Saturday, February 14, 2009

The Incomparable Levon Helm as Mr. Rate

Mark Wahlberg has the title role in the sniper thriller, Shooter. He gets to be the hero, and as Bobby Lee Swagger, he has most of the zingiest lines.

Until, that is, his character -- a sniper framed in an assassination attempt -- shows up to collect some wisdom from an old man of the mountains, a Tennessee assassination expert. He's played to Southern-fried perfection by Levon Helm. And Helm flat out steals his scene.

Bob Lee Swagger: Suppose I was looking for man who could make a 2,200 yard cold bore shot. Who's alive that could do that?
Mr. Rate: Seems I heard about a shot like that being made not too long ago. Said the guy's name was Bob Lee Swagger. Never met the man, so I wouldn't know.
Bob Lee Swagger: Yeah, they said that alright.
Mr. Rate: They also said that artificial sweeteners were safe, WMDs were in Iraq and Anna Nicole married for love.

Mr. Rate: It woulda been a bad job to take though.
Nick Memphis: How come?
Mr. Rate: Whoever took that shot's probably dead now. That's how a conspiracy works. Them boys on the Grassy Knoll they were dead within three hours, buried in the damned desert, unmarked graves out past Terlingua.
Nick Memphis: You know this for a fact?
Mr. Rate: Still got the shovel.

Helm has lent his instant credibility to just a few movies over the years -- Coal Miner's Daughter, The Right Stuff and Feeling Minnesota, among them. Filmmakers seek out his distinct Southerness.

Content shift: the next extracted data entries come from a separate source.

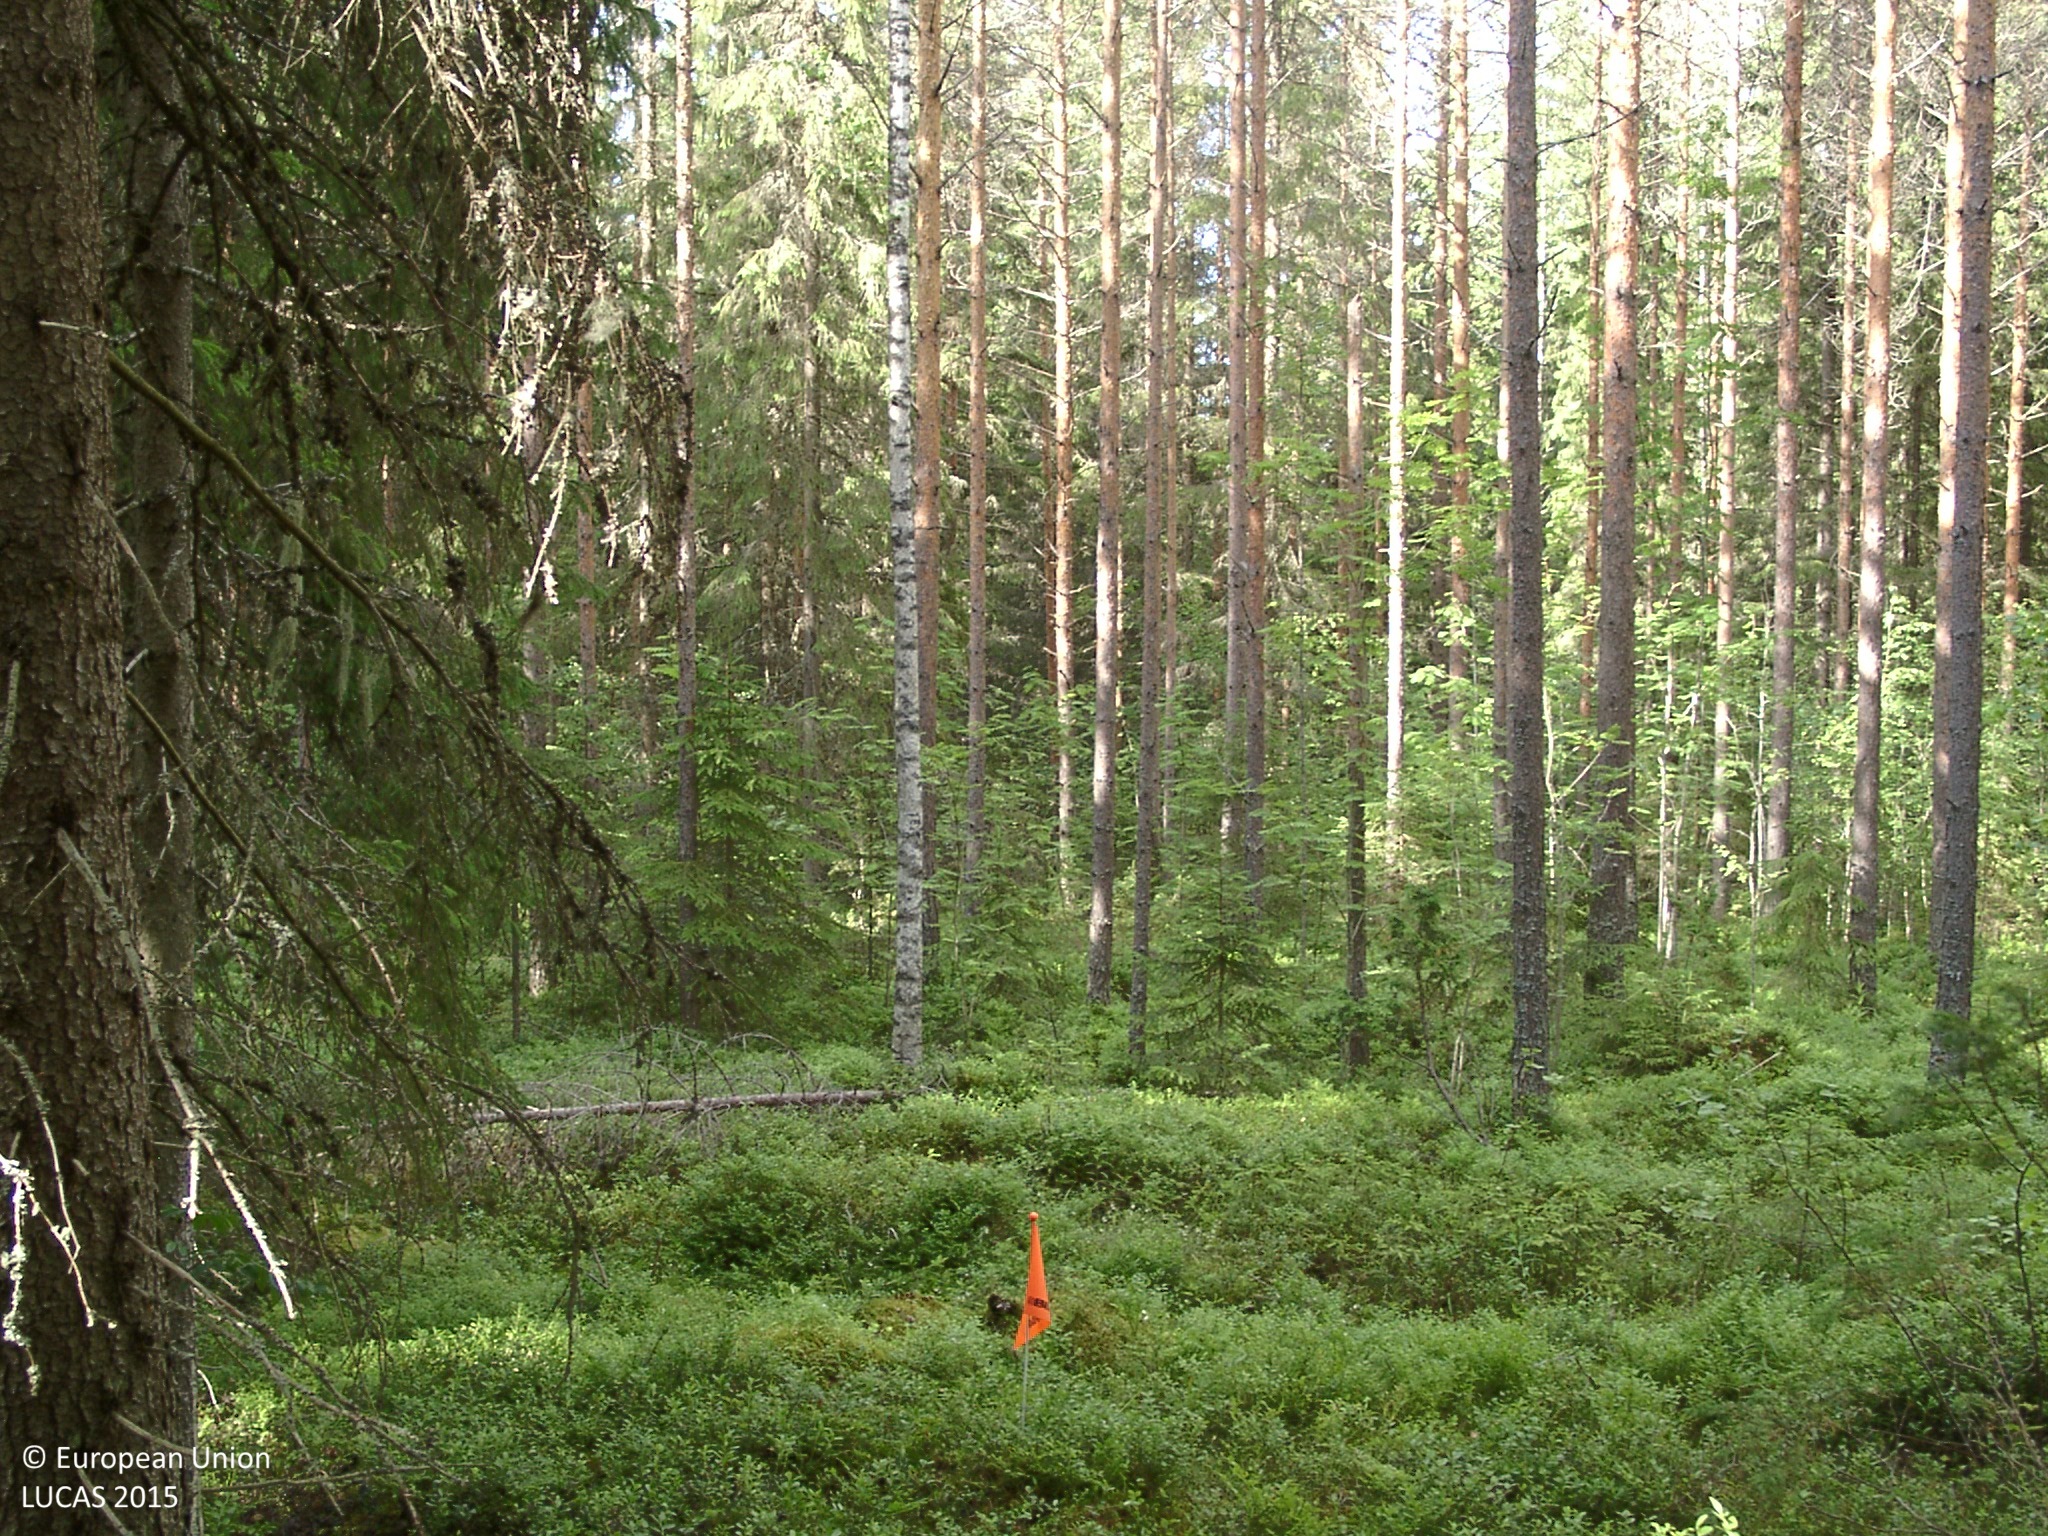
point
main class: Woodland
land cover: Other coniferous woodland
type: boreal forest
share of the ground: 50 - 75 %
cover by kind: coniferous forest trees 55 %, shrubs 25 %, broadleaved forest trees 15 %, lichens and mosses 5 %
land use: Forestry
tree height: > 5 m
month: July
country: FI
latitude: 62.2242
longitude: 25.1679
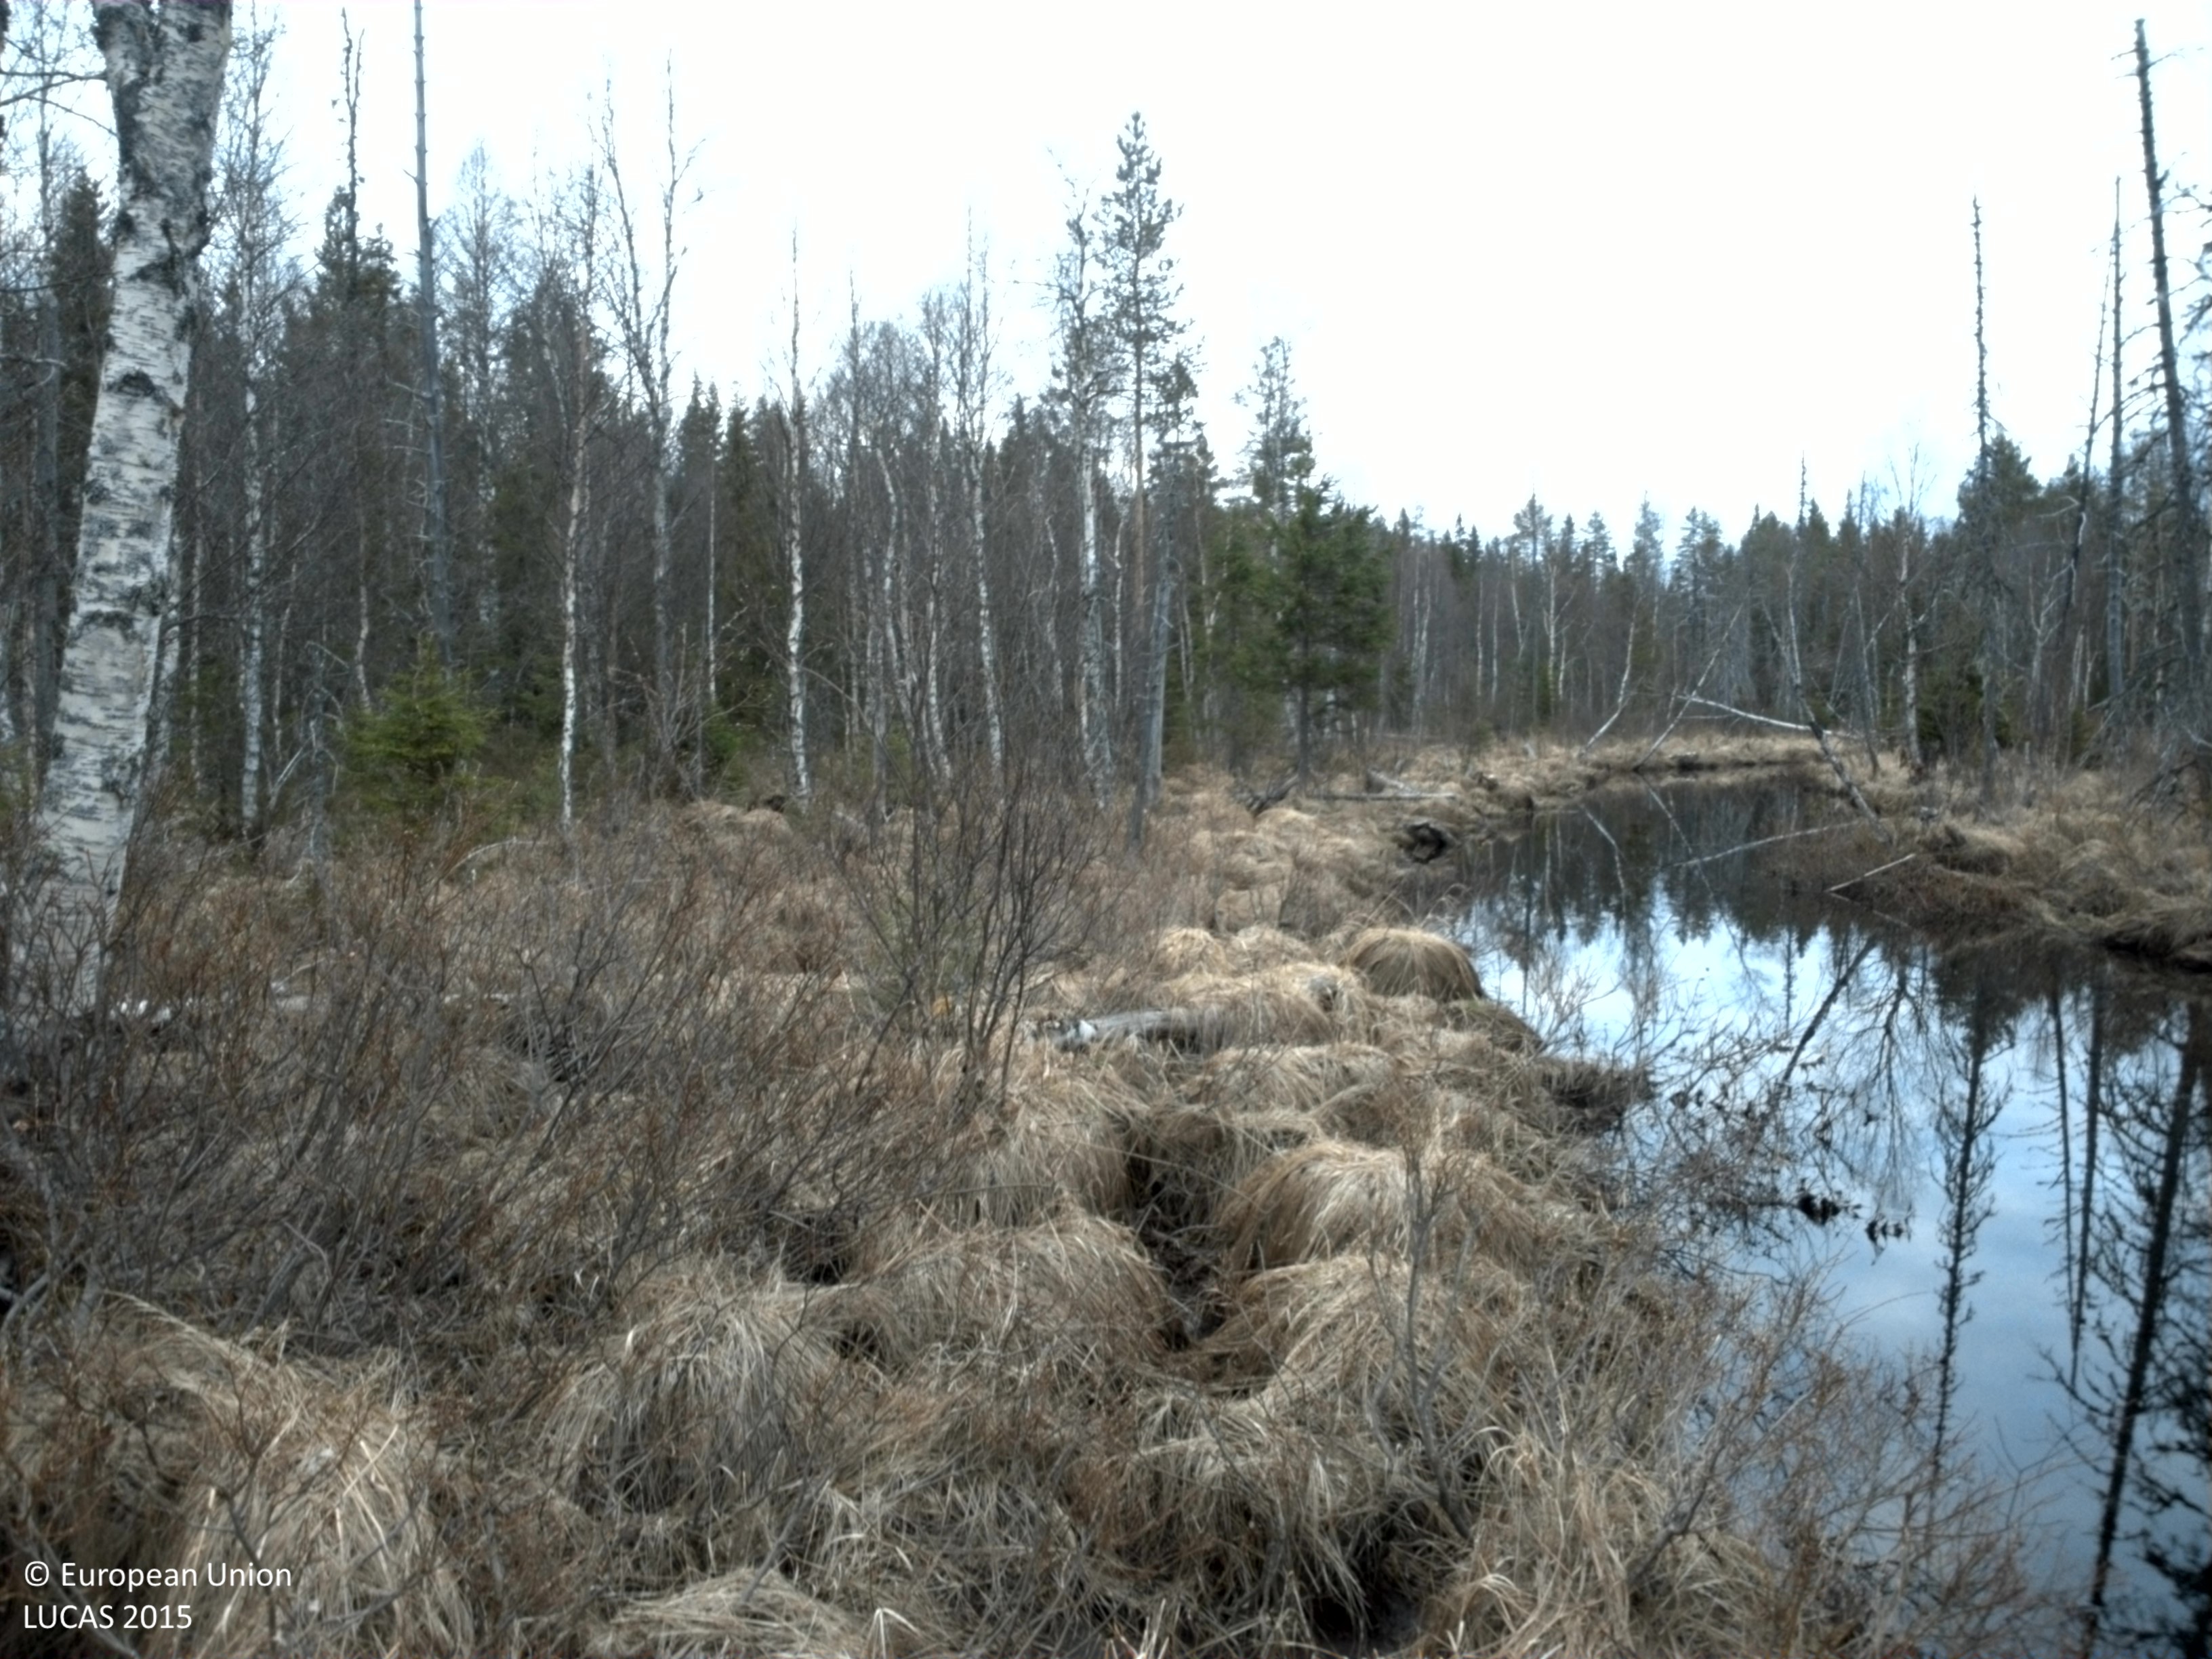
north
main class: Woodland
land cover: Broadleaved woodland
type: boreal forest
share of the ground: > 75 %
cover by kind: broadleaved forest trees 70 %, herbaceous plants 20 %, coniferous forest trees 10 %
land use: Semi-natural and natural areas not in use
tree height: > 5 m
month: May
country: SE
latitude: 62.6752
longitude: 14.9593
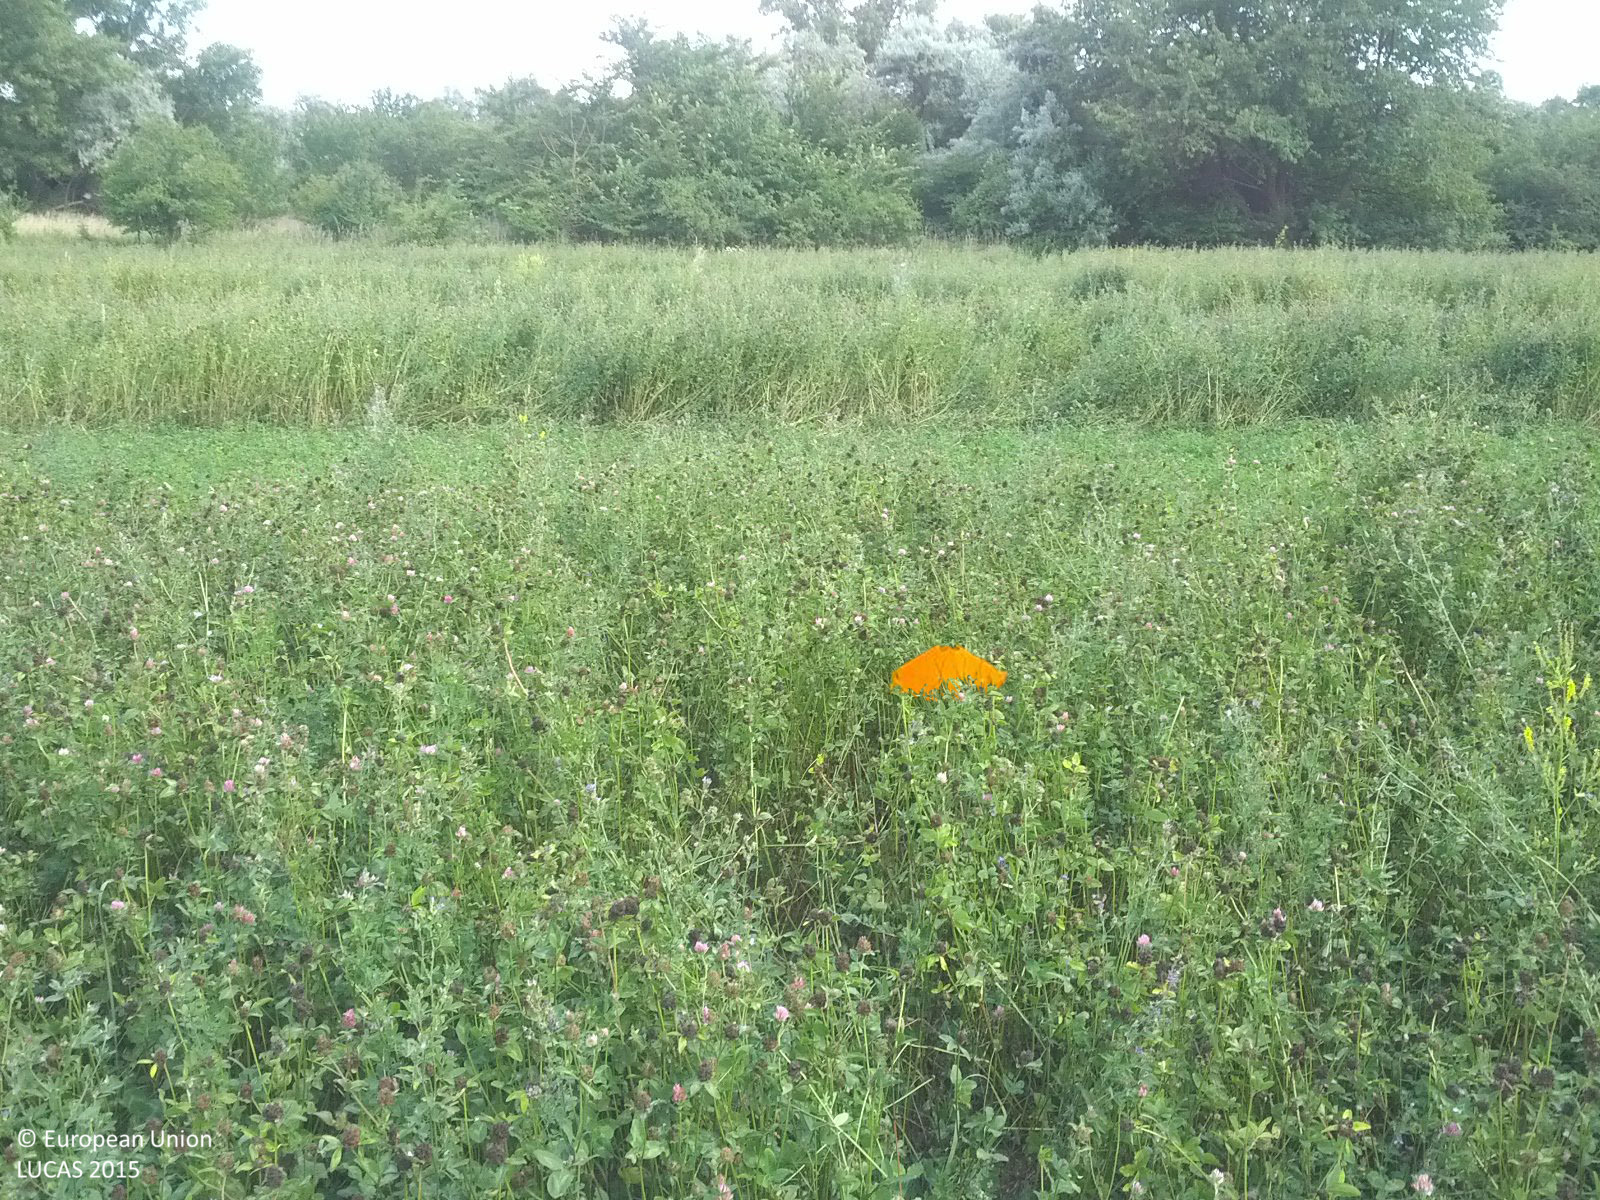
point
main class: Cropland
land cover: Clovers
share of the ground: > 75 %
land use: Agriculture (excluding fallow land and kitchen gardens)
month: June
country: AT
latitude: 48.3797
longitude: 16.7171

"They sure aren't hiring me for my looks, 'cuz I ain't gettin' any prettier," Helm says with a laugh from his home in Woodstock, N.Y.

He's 68, now. The voice is a post-throat-cancer rasp, a cancer that almost silenced the man who is most famous as a singing drummer with the legendary rock group, The Band, in the 1960s and '70s. But he's singing and acting again, which is good news for music and film fans.

"I don't know what it is about the Old South, and conspiracy buffs, but something about the accent works for the character," Helm says of Mr. Rate in Shooter. He says that as the country has lost its regional accents, performers such as himself grow rarer and rarer.

"It used to be that the accent made it into the music, with Detroit and Memphis and Philadelphia, even, having their own sounds," he says. "It made the country richer, I think."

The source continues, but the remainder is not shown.